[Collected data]
=-=-=
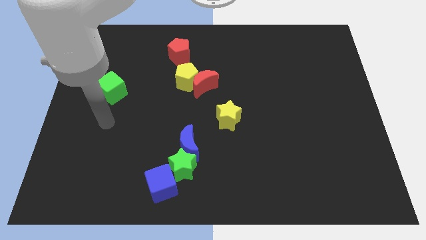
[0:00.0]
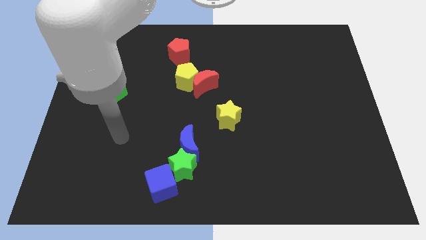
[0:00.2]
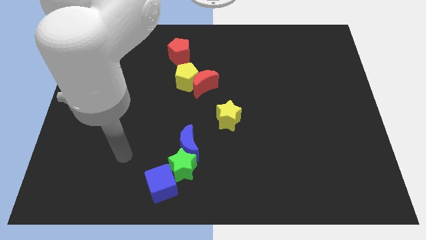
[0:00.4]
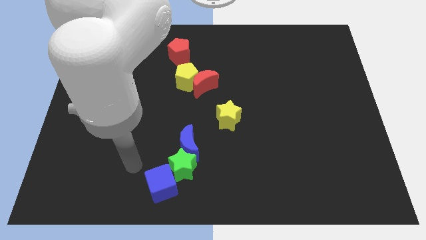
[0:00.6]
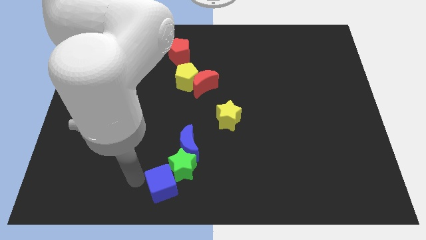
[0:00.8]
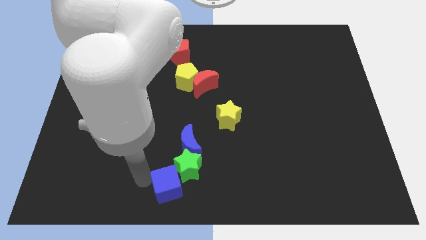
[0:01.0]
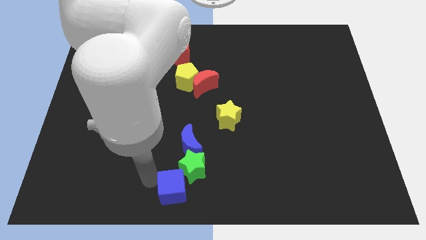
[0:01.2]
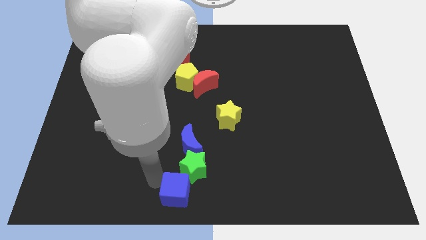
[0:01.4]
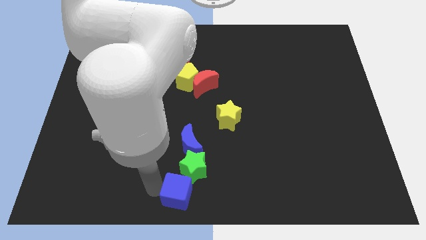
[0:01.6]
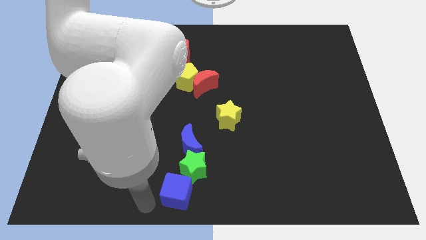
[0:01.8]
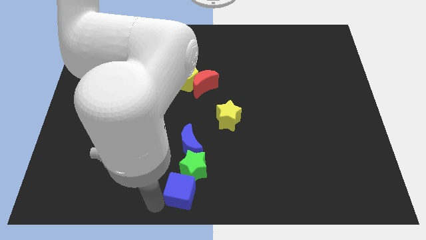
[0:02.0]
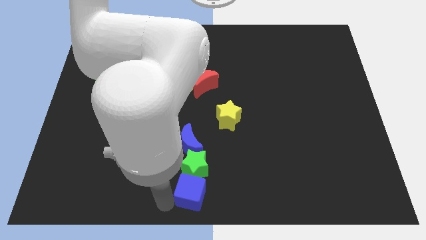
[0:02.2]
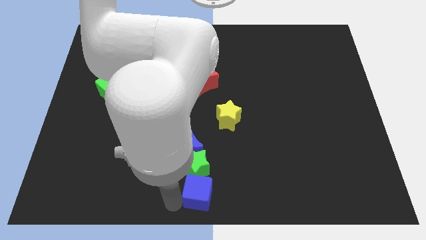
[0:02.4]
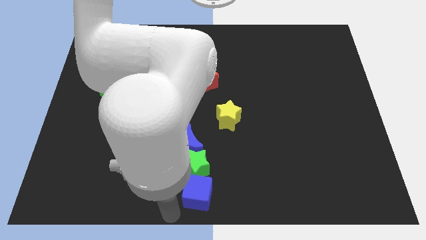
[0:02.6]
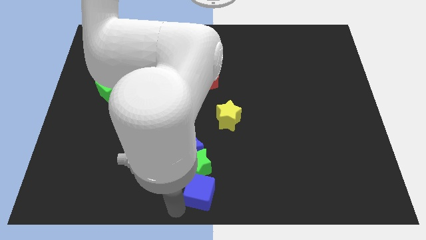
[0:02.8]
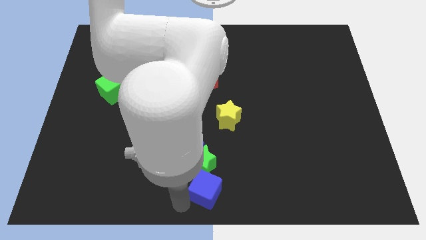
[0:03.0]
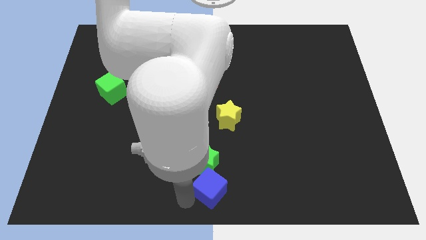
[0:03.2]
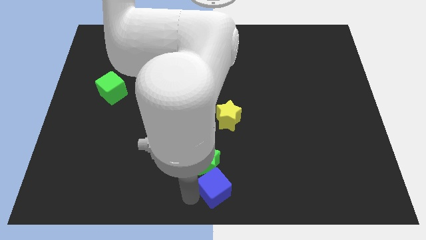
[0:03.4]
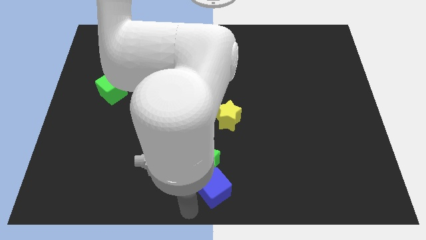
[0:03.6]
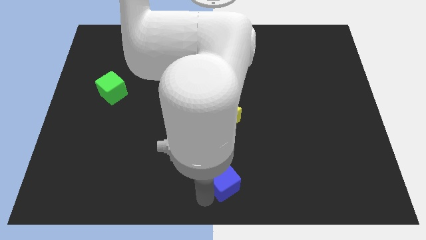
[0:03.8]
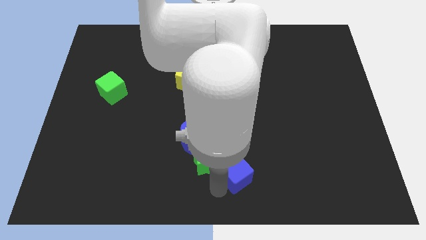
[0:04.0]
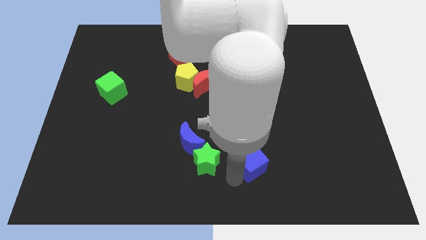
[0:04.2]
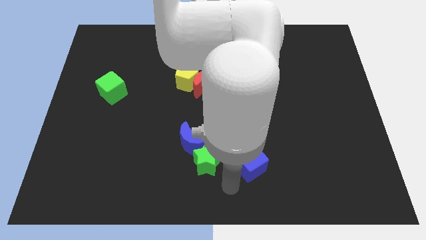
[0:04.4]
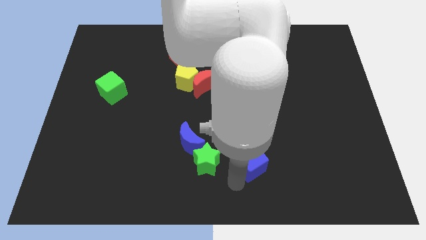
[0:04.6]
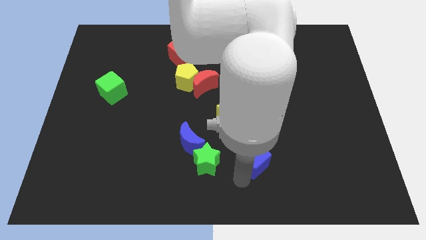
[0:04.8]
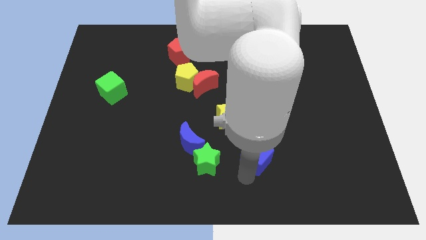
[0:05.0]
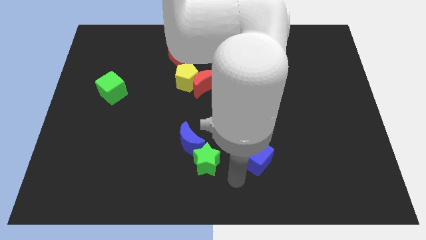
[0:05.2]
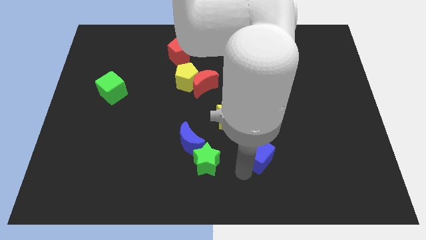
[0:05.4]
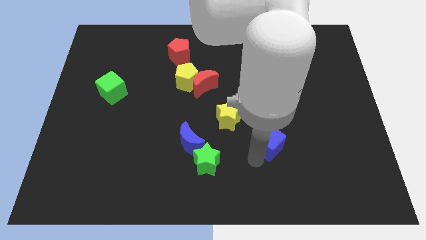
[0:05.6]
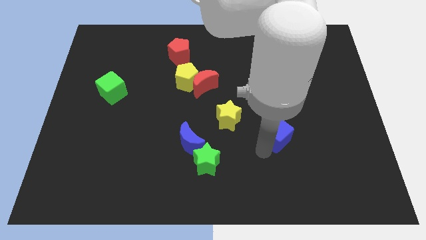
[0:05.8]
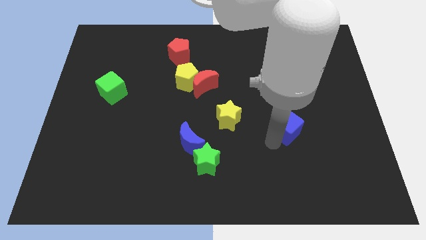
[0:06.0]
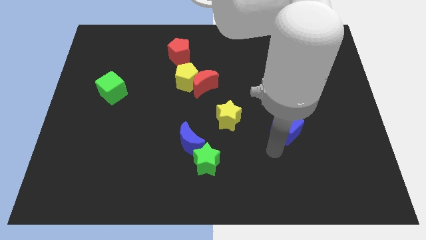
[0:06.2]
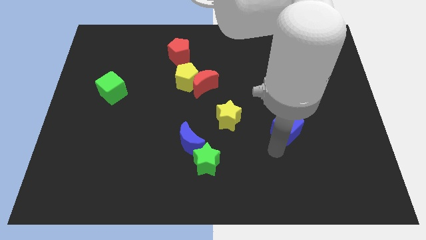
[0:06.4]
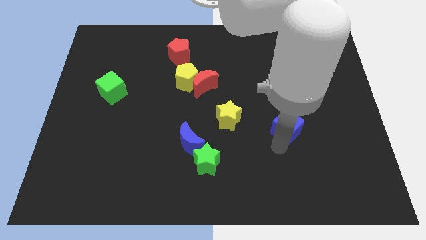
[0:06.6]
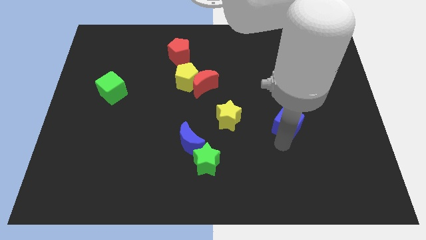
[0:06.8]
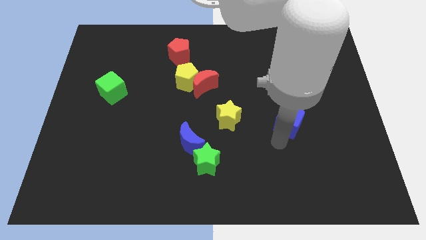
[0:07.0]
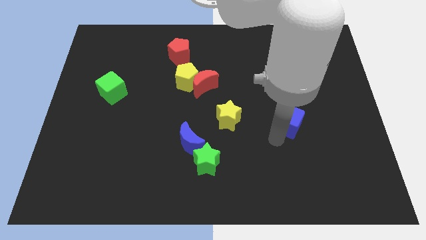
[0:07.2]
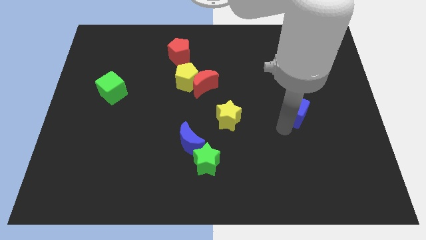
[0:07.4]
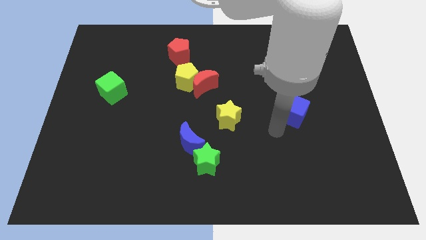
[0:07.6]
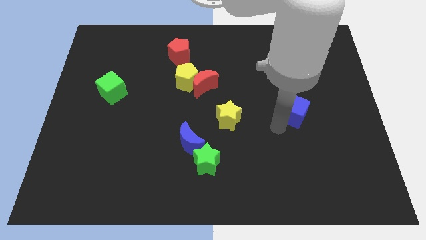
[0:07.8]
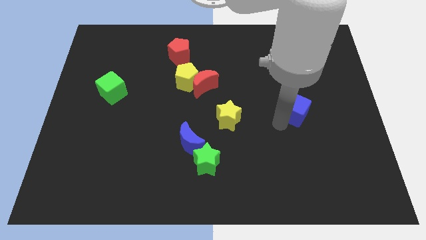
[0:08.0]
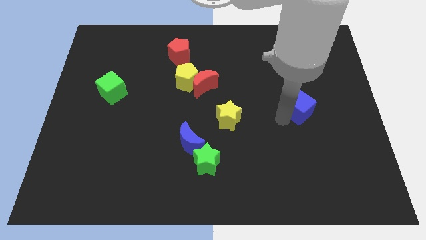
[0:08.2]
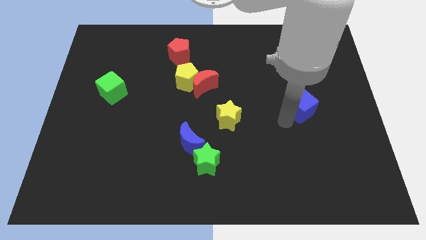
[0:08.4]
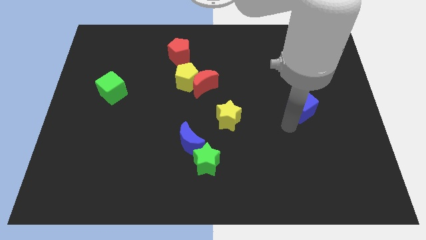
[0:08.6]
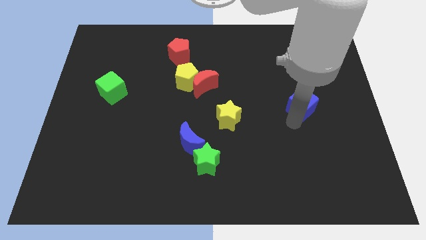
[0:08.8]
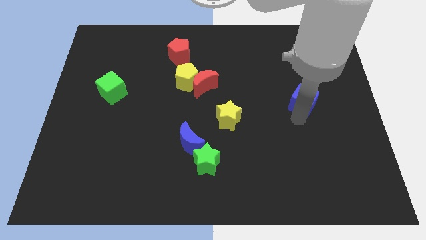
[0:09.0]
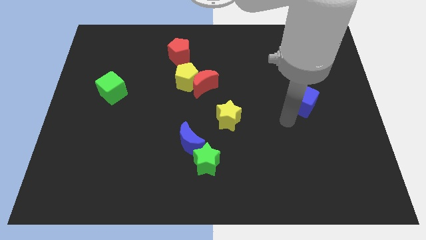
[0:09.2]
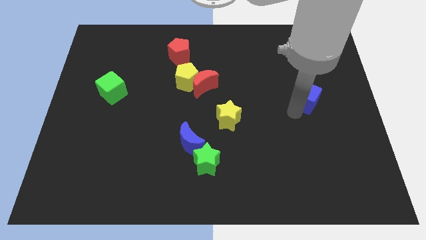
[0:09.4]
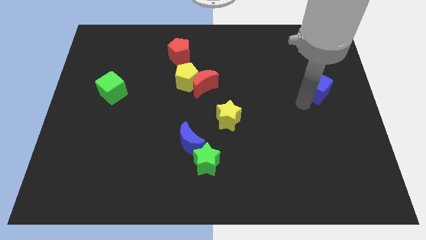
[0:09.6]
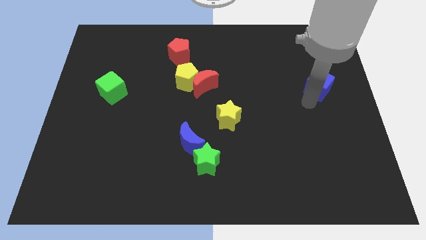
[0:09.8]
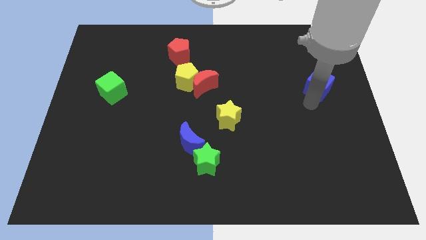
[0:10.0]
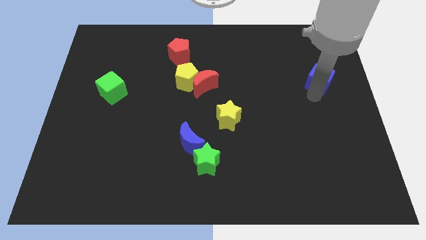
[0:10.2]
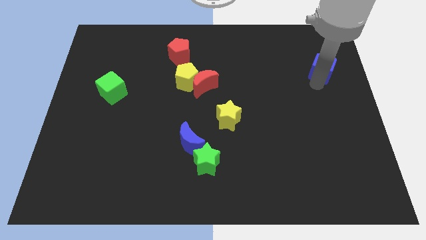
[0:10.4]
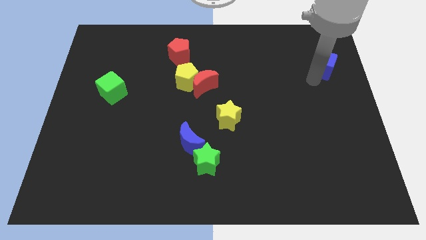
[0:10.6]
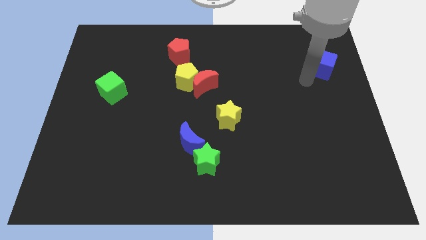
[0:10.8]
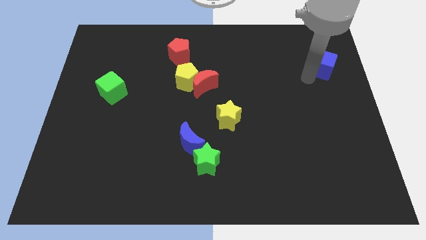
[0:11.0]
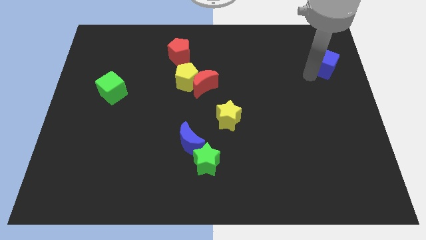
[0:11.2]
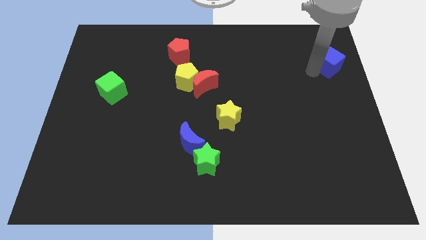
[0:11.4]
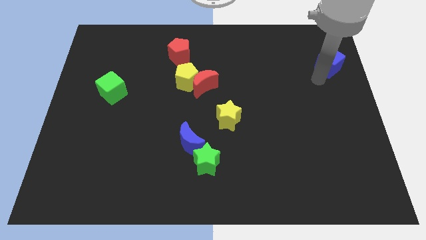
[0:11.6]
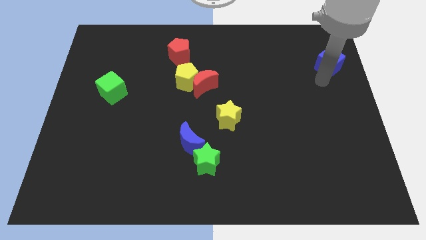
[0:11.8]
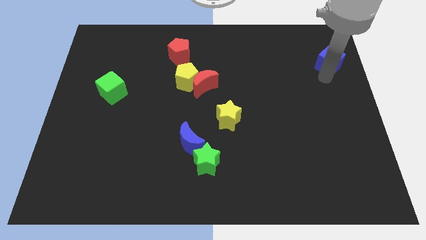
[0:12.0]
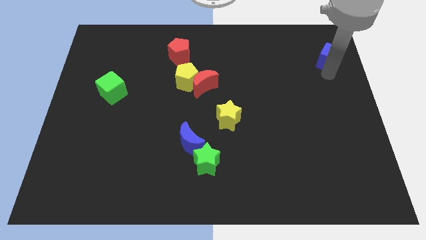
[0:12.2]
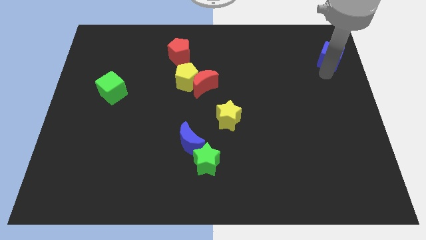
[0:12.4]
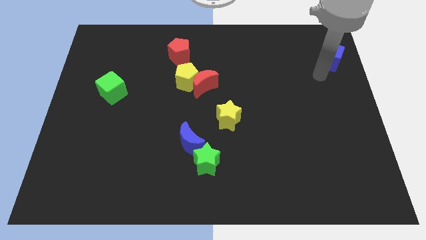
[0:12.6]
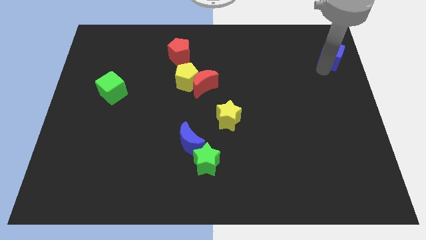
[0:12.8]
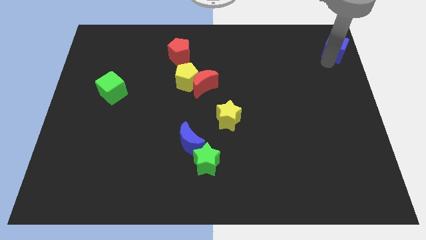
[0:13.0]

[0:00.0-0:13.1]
move the blue cube to the top right corner
=-=-=
-- AIM OF THE TASK --
Print every record above exactly, but no pictures.

-- WRITTEN ANSWER --
[0:00.0]
[0:00.2]
[0:00.4]
[0:00.6]
[0:00.8]
[0:01.0]
[0:01.2]
[0:01.4]
[0:01.6]
[0:01.8]
[0:02.0]
[0:02.2]
[0:02.4]
[0:02.6]
[0:02.8]
[0:03.0]
[0:03.2]
[0:03.4]
[0:03.6]
[0:03.8]
[0:04.0]
[0:04.2]
[0:04.4]
[0:04.6]
[0:04.8]
[0:05.0]
[0:05.2]
[0:05.4]
[0:05.6]
[0:05.8]
[0:06.0]
[0:06.2]
[0:06.4]
[0:06.6]
[0:06.8]
[0:07.0]
[0:07.2]
[0:07.4]
[0:07.6]
[0:07.8]
[0:08.0]
[0:08.2]
[0:08.4]
[0:08.6]
[0:08.8]
[0:09.0]
[0:09.2]
[0:09.4]
[0:09.6]
[0:09.8]
[0:10.0]
[0:10.2]
[0:10.4]
[0:10.6]
[0:10.8]
[0:11.0]
[0:11.2]
[0:11.4]
[0:11.6]
[0:11.8]
[0:12.0]
[0:12.2]
[0:12.4]
[0:12.6]
[0:12.8]
[0:13.0]

[0:00.0-0:13.1]
move the blue cube to the top right corner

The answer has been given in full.